Reza speaks perfect English, is cosmopolitan and tech-savvy, but his future is at least as bleak as his past.
The 36-year-old Tehran resident has no university education, is banned from holding a fixed job, cannot own property, cannot practice his religion and must constantly hide his identity for fear of arrest.
For Reza and the 300,000 other members of the Baha'i sect, there is no respite from unending persecution at the hands of the Shiite religious regime.
The sect, which was founded in 19th-century northern Iran as a breakaway from Shiite Islam, has little chance of improving its lot.
Reza, who asked that his real name not be given, has spent his whole life working in the black market or as a private tutor. "I have no rights. I am a virtual nonentity," he said. "My family has the same fate, unless they succeed in hiding their identity. Is this a way to live?"
Waves of violent repression of the Baha'is since the 1979 revolution have resulted in numerous arrests, imprisonments and allegations of torture. The National Spiritual Assembly of the Baha'is of the United States says that since 1979, more than 200 Baha'is have been killed in Iran and 15 disappeared, most of them in the tumultuous early years following the overthrow of the shah.
More recently, human rights groups confirmed that Rouhollah Rouhani was executed on July 21, 1998, in the eastern city of Mashhad after having served 9 months in solitary confinement, accused of converting a Shiite woman to the Baha'i faith. At least four Bahai's remain imprisoned for their religious beliefs.
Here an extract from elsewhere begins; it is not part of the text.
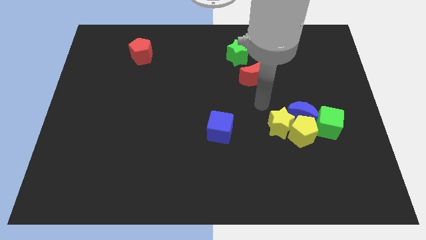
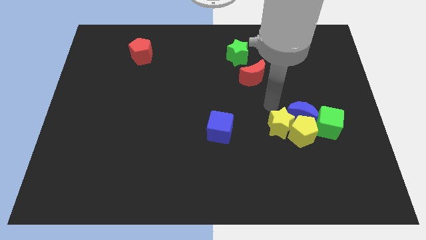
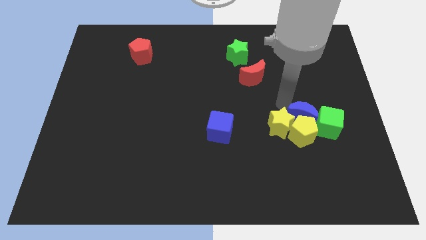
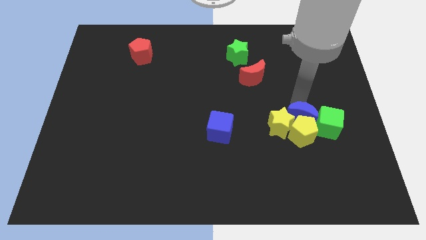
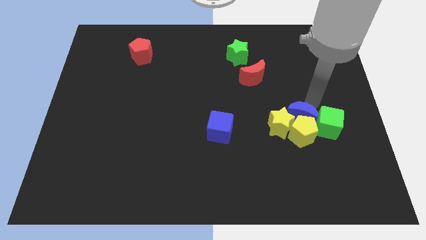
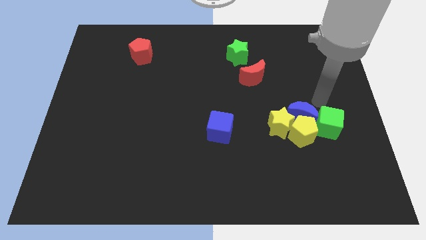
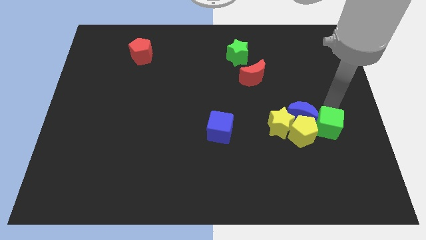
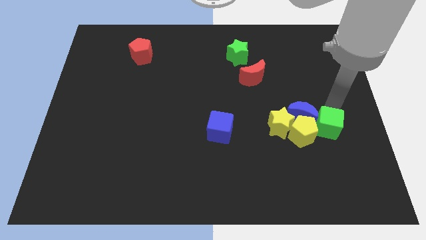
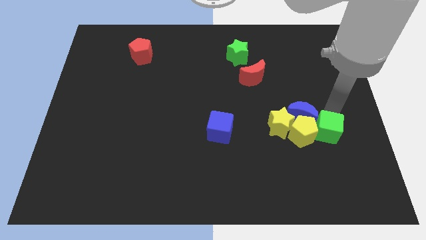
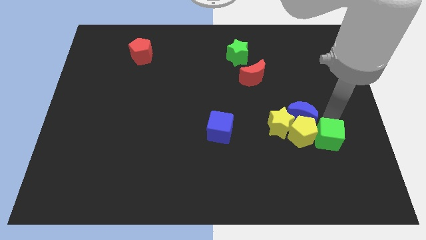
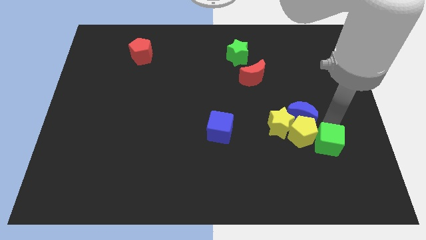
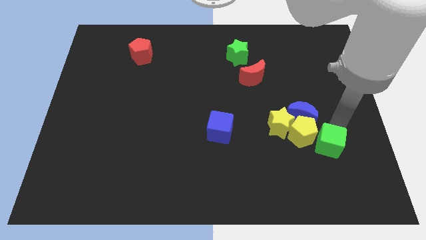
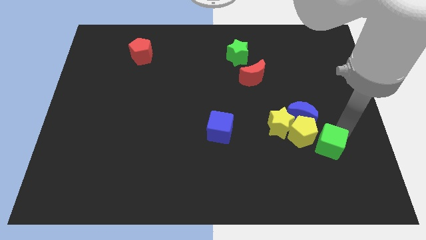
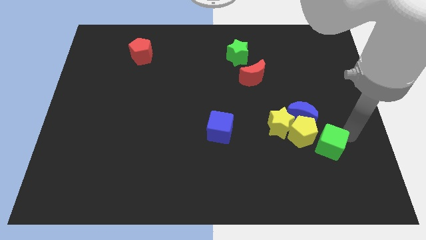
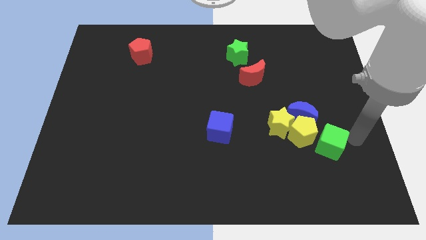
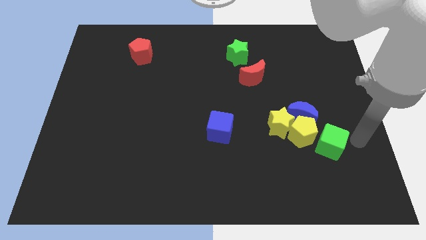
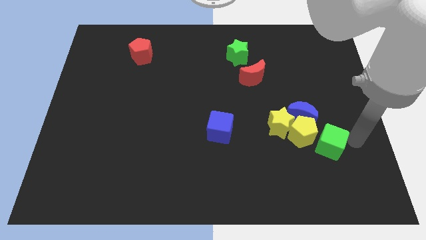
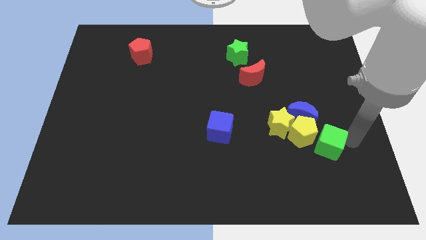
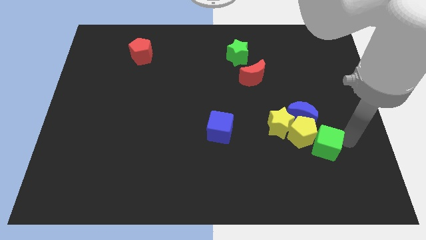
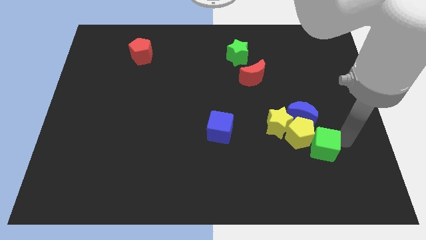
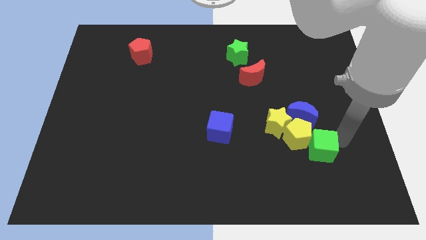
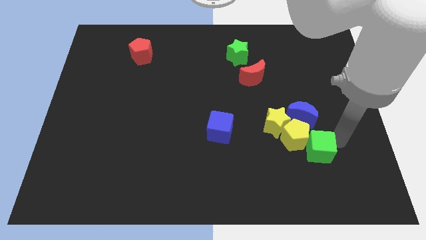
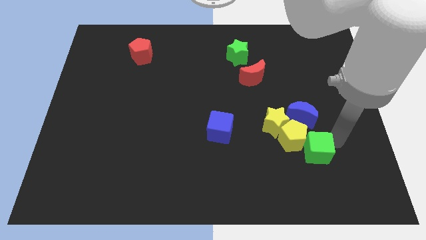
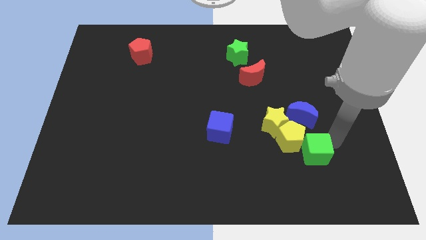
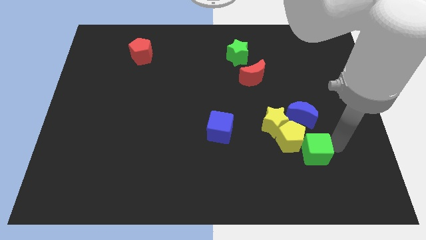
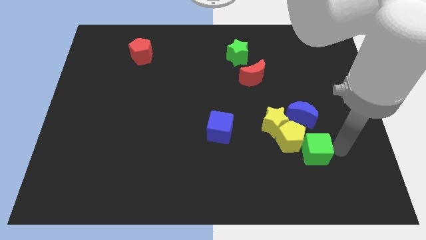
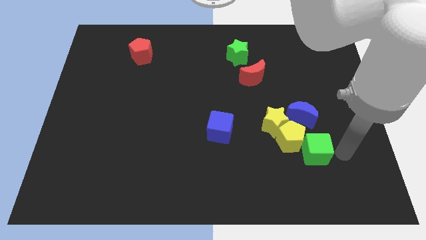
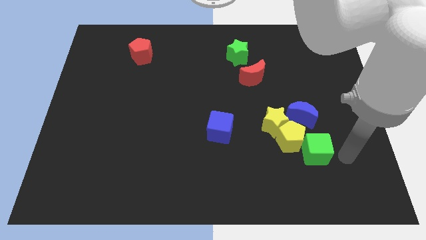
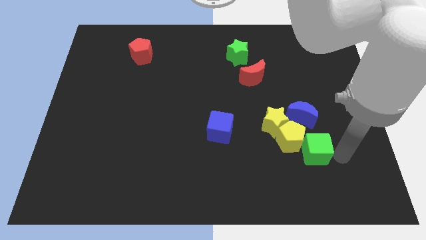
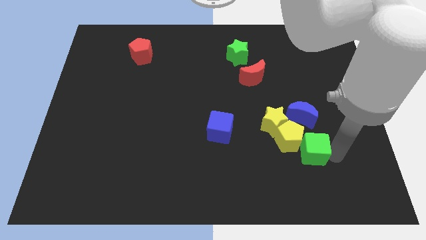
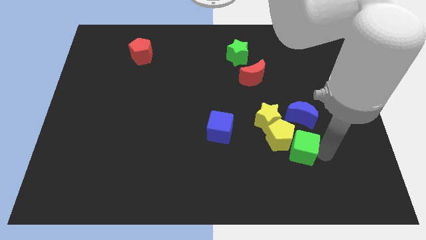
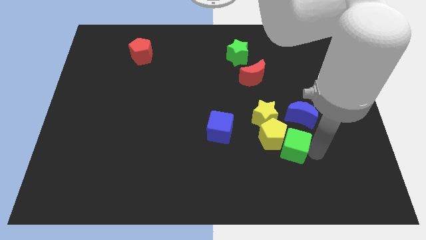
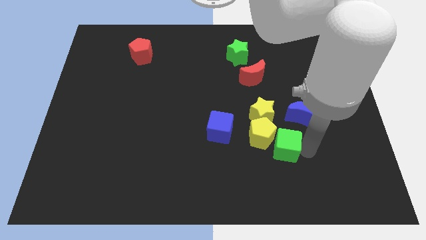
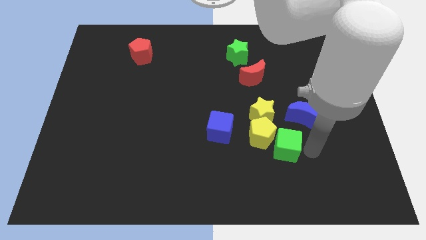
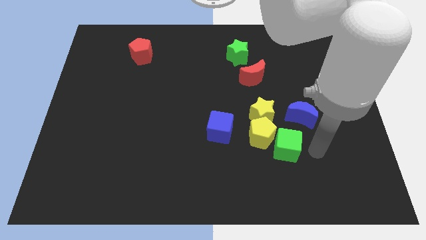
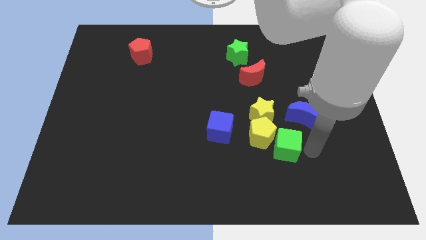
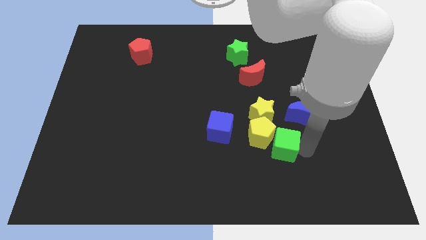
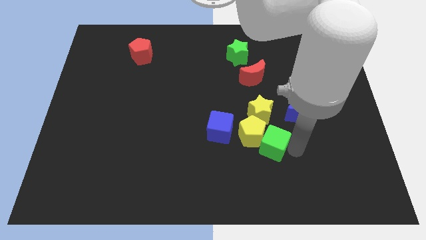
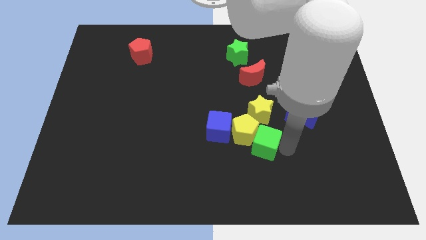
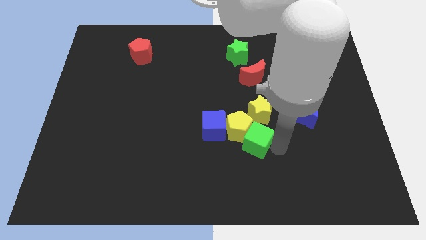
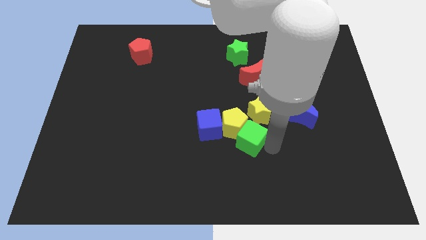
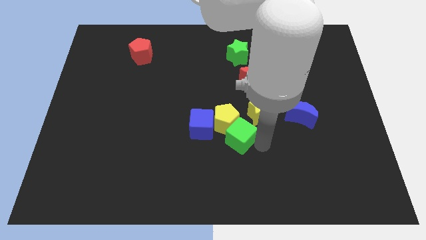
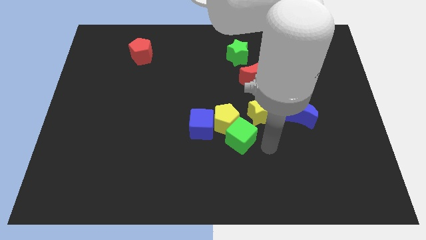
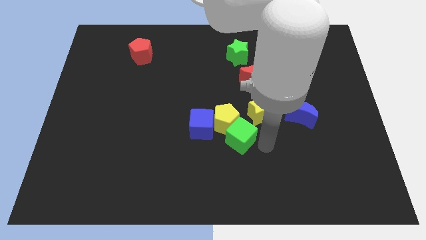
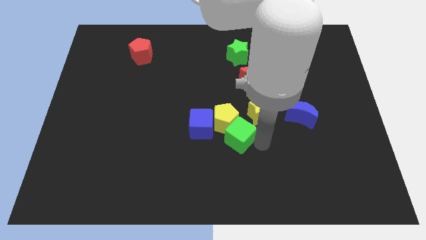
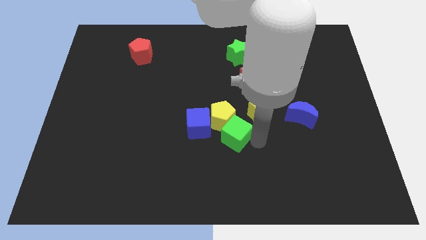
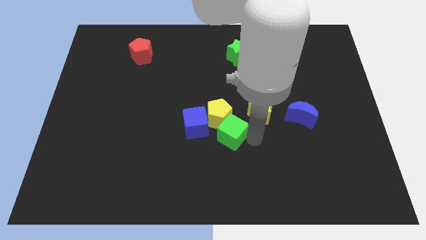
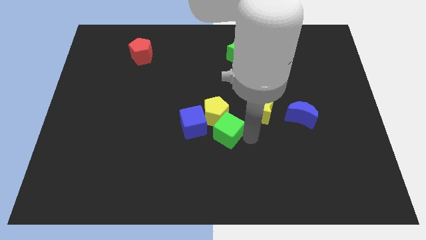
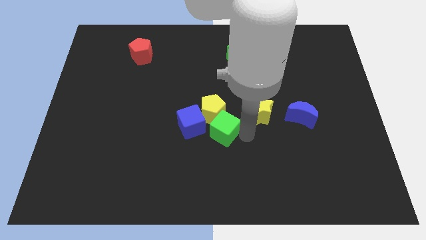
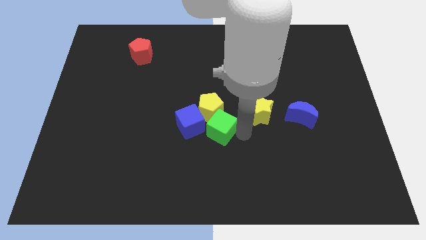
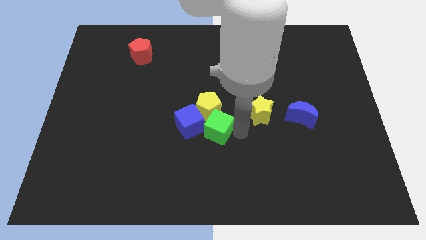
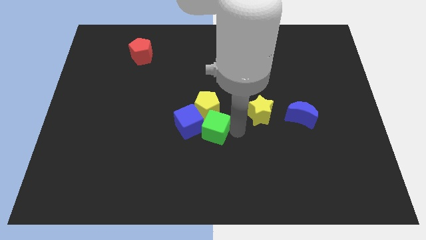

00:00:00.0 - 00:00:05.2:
put the green cube next to the blue cube

Baha'ism, a religion with more than 6 million adherents worldwide, was founded in the mid-19th century by Mirza Husayn Ali, who declared himself to be a prophet and adopted the name Baha'u'llah.
He and his followers, known as Baha'is, quickly were seen as subversive by the Ottoman Empire. Baha'u'llah was exiled, first to Baghdad and then to Akka in Palestine, where Ottoman authorities kept him under imprisonment and house arrest until he died in 1892. The headquarters of the new religion was established near Haifa, in what is now Israel, where it still remains.
Generally well educated, Baha'is long were part of Iran's elite, with many top professionals and royal court officials among their ranks. But when the monarchy was toppled in 1979, the new Islamic government viewed the Baha'is as royalist stooges and Israeli agents and singled them out for particular persecution.